Activity => Without including any pictures, give back all of the data exactly.

Stored data =>
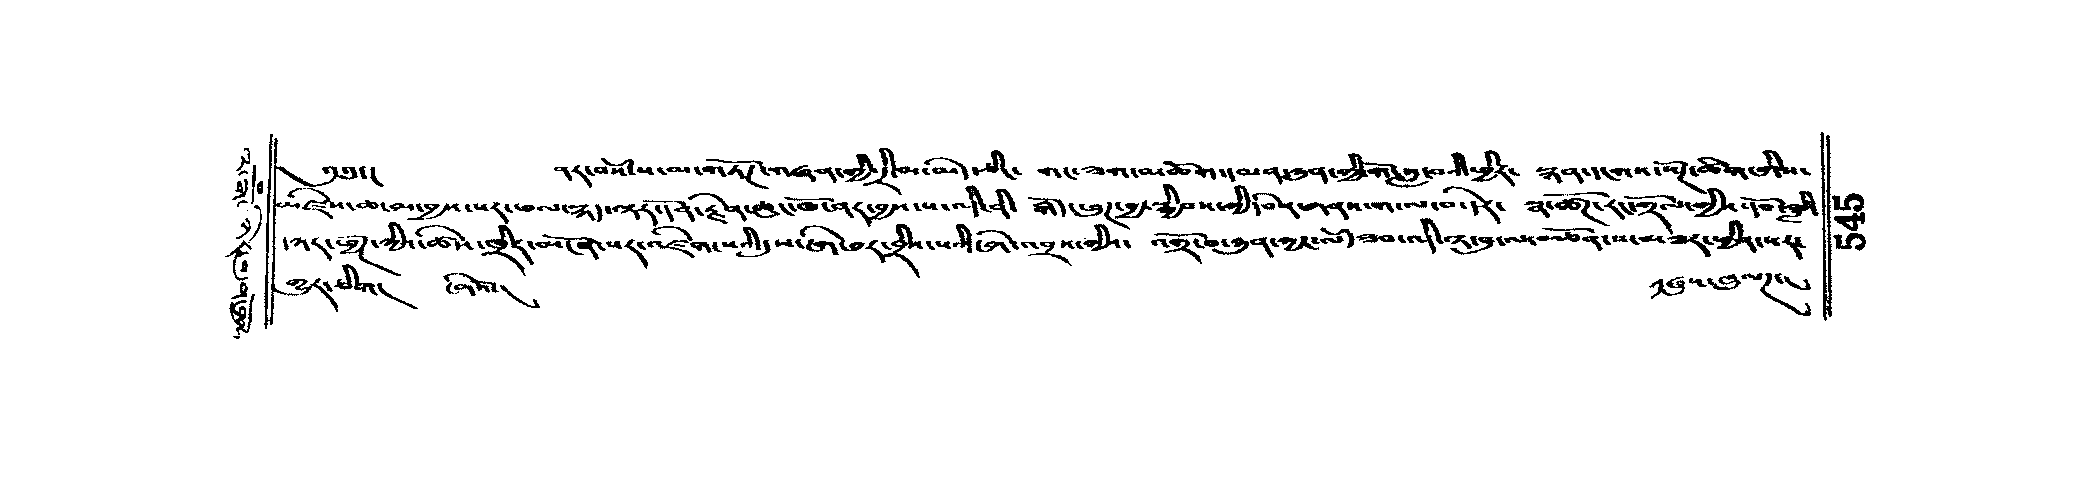ནར་བསམ་པ་མ་གཏོགས་གཞན་གྱི་དྲི་མ་མེད་ཅིང་། གང་ཟག་མཆོག་དམན་ཀུན་གྱི་གོ་སླ་བའི་ཕྱིར་། སྙན་དངགས་སོགས་ཚིག་གིས་
མཛེས་ཆ་མ་བྱས་པར་ཕལ་སྐད་ལྟར་དོན་རྗེན་ཆུང་ཁོ་ནར་བྱས་པ་འདི་ནི། རྒོད་ཕུག་བྱ་སྐྱིབས་ཀྱི་དབེན་གནས་ག་ལ་བ་དེར། སྣ་ཚོགས་རང་གྲོལ་གྱིས་དབོ་ཟླའི་
དཀར་ཕྱོགས་ཀྱིས་ཚེས་ཁྲིར་མངོན་པར་འཛེགས་པའི་དུས་དགེ་བར་བྲིས་པའི་དགེ་འབྲས་ཀྱིས། འགྲོ་བ་ཀུན་ཀྱང་ལམ་ཟབ་འདི་ལྟར་བུ་ལ་བརྩོན་པ་མཐར་ཕྱིན་པར་
གྱུར་ཅིག། དགེའོ།།

Output =>
ནར་བསམ་པ་མ་གཏོགས་གཞན་གྱི་དྲི་མ་མེད་ཅིང་། གང་ཟག་མཆོག་དམན་ཀུན་གྱི་གོ་སླ་བའི་ཕྱིར་། སྙན་དངགས་སོགས་ཚིག་གིས་
མཛེས་ཆ་མ་བྱས་པར་ཕལ་སྐད་ལྟར་དོན་རྗེན་ཆུང་ཁོ་ནར་བྱས་པ་འདི་ནི། རྒོད་ཕུག་བྱ་སྐྱིབས་ཀྱི་དབེན་གནས་ག་ལ་བ་དེར། སྣ་ཚོགས་རང་གྲོལ་གྱིས་དབོ་ཟླའི་
དཀར་ཕྱོགས་ཀྱིས་ཚེས་ཁྲིར་མངོན་པར་འཛེགས་པའི་དུས་དགེ་བར་བྲིས་པའི་དགེ་འབྲས་ཀྱིས། འགྲོ་བ་ཀུན་ཀྱང་ལམ་ཟབ་འདི་ལྟར་བུ་ལ་བརྩོན་པ་མཐར་ཕྱིན་པར་
གྱུར་ཅིག། དགེའོ།།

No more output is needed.